Task statement | Below are some records. Output the lines from the first one through the line that holds "#2754=LINE('',#18487,#3786);", exactly as written, with no pictures.

*** Data for this task ***

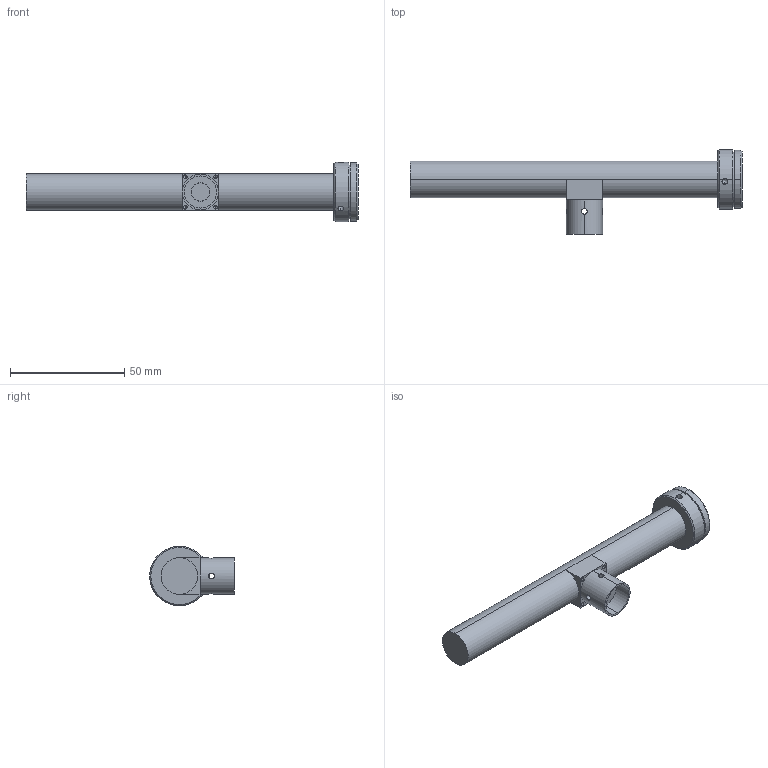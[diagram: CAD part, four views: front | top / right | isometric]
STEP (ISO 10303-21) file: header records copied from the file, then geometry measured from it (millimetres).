
FILE_DESCRIPTION (( 'STEP AP203' ), '1' );
FILE_NAME ('WWL20-250C.STEP', '2019-12-03T06:39:15', ( 'Windows 蚚誧' ), ( '' ), 'SwSTEP 2.0', 'SolidWorks 2017', '' );
FILE_SCHEMA (( 'CONFIG_CONTROL_DESIGN' ));
Length unit declared in the file: millimetre
Products named in the file (1): WWL20-250C
Bounding box: 145.2 x 37 x 26 mm (x, y, z)
Volume: 34210.7 mm3; surface area: 10613.4 mm2
Topology: 1 solids, 1 shells, 68 faces, 167 edges, 95 vertices
Faces by surface type: cylinder 37, cone 18, plane 13
Entity records: 2326 total; most frequent: CARTESIAN_POINT 717, DIRECTION 321, ORIENTED_EDGE 306, EDGE_CURVE 153, AXIS2_PLACEMENT_3D 125, VERTEX_POINT 95, EDGE_LOOP 84, VECTOR 71
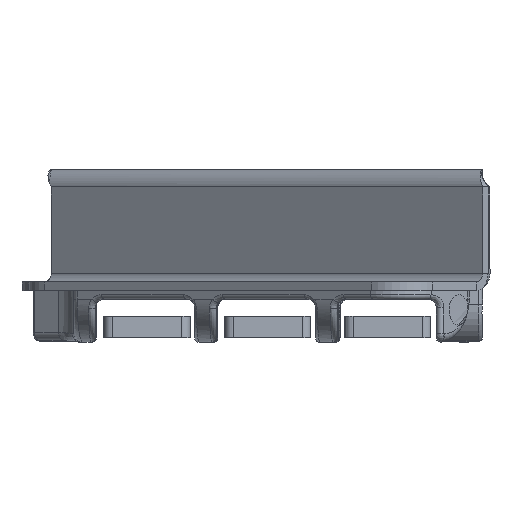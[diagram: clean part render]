
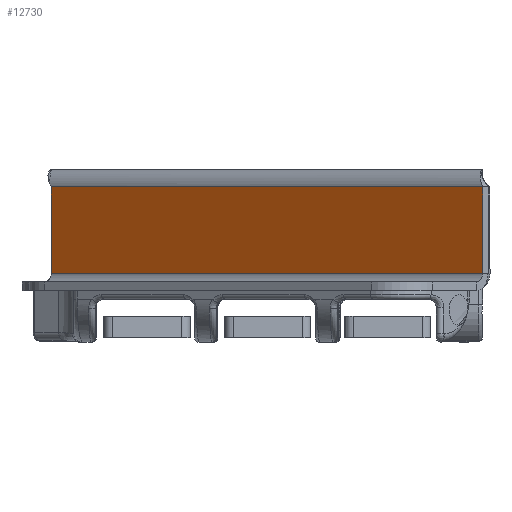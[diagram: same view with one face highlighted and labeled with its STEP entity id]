
A CAD part, front view. The second image highlights one B-rep face of the part: STEP entity #12730.
In plain terms, the highlighted face is planar.
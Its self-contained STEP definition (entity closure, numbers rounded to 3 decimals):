
#873=PLANE('',#13730);
#1176=FACE_OUTER_BOUND('',#1941,.T.);
#1941=EDGE_LOOP('',(#8638,#8639,#8640,#8641));
#2754=LINE('',#18487,#3786);
#2755=LINE('',#18490,#3787);
#2756=LINE('',#18492,#3788);
#2757=LINE('',#18493,#3789);
#3786=VECTOR('',#15040,10.);
#3787=VECTOR('',#15043,10.);
#3788=VECTOR('',#15044,10.);
#3789=VECTOR('',#15045,10.);
#5334=VERTEX_POINT('',#18476);
#5335=VERTEX_POINT('',#18480);
#5336=VERTEX_POINT('',#18489);
#5337=VERTEX_POINT('',#18491);
#6595=EDGE_CURVE('',#5334,#5335,#2754,.T.);
#6596=EDGE_CURVE('',#5334,#5336,#2755,.T.);
#6597=EDGE_CURVE('',#5337,#5336,#2756,.T.);
#6598=EDGE_CURVE('',#5337,#5335,#2757,.T.);
#8638=ORIENTED_EDGE('',*,*,#6595,.F.);
#8639=ORIENTED_EDGE('',*,*,#6596,.T.);
#8640=ORIENTED_EDGE('',*,*,#6597,.F.);
#8641=ORIENTED_EDGE('',*,*,#6598,.T.);
#12730=ADVANCED_FACE('',(#1176),#873,.T.);
#13730=AXIS2_PLACEMENT_3D('',#18488,#15041,#15042);
#15040=DIRECTION('',(-0.643,0.,-0.766));
#15041=DIRECTION('center_axis',(0.766,0.,
-0.643));
#15042=DIRECTION('ref_axis',(-0.492,0.643,-0.587));
#15043=DIRECTION('',(0.,-1.,0.));
#15044=DIRECTION('',(0.643,0.,0.766));
#15045=DIRECTION('',(0.,1.,0.));
#18476=CARTESIAN_POINT('',(135.,-8.,50.));
#18480=CARTESIAN_POINT('',(51.09,-8.,-50.));
#18487=CARTESIAN_POINT('',(71.609,-8.,-25.546));
#18488=CARTESIAN_POINT('Origin',(92.128,-18.345,-1.093));
#18489=CARTESIAN_POINT('',(135.,-28.,50.));
#18490=CARTESIAN_POINT('',(135.,-28.,50.));
#18491=CARTESIAN_POINT('',(51.09,-28.,-50.));
#18492=CARTESIAN_POINT('',(91.508,-28.,-1.832));
#18493=CARTESIAN_POINT('',(51.09,-28.,-50.));

***

Answer for the task |
[diagram: CAD part, four views: front | top / right | isometric]
STEP (ISO 10303-21) file: header records copied from the file, then geometry measured from it (millimetres).
FILE_DESCRIPTION (( 'STEP AP203' ), '1' );
FILE_NAME ('WWL20-250C.STEP', '2019-12-03T06:39:15', ( 'Windows 蚚誧' ), ( '' ), 'SwSTEP 2.0', 'SolidWorks 2017', '' );
FILE_SCHEMA (( 'CONFIG_CONTROL_DESIGN' ));
Length unit declared in the file: millimetre
Products named in the file (1): WWL20-250C
Bounding box: 145.2 x 37 x 26 mm (x, y, z)
Volume: 34210.7 mm3; surface area: 10613.4 mm2
Topology: 1 solids, 1 shells, 68 faces, 167 edges, 95 vertices
Faces by surface type: cylinder 37, cone 18, plane 13
Entity records: 2326 total; most frequent: CARTESIAN_POINT 717, DIRECTION 321, ORIENTED_EDGE 306, EDGE_CURVE 153, AXIS2_PLACEMENT_3D 125, VERTEX_POINT 95, EDGE_LOOP 84, VECTOR 71
[diagram: clean part render]
[diagram: same view with one face highlighted and labeled with its STEP entity id]
A CAD part, front view. The second image highlights one B-rep face of the part: STEP entity #12730.
In plain terms, the highlighted face is planar.
Its self-contained STEP definition (entity closure, numbers rounded to 3 decimals):
#873=PLANE('',#13730);
#1176=FACE_OUTER_BOUND('',#1941,.T.);
#1941=EDGE_LOOP('',(#8638,#8639,#8640,#8641));
#2754=LINE('',#18487,#3786);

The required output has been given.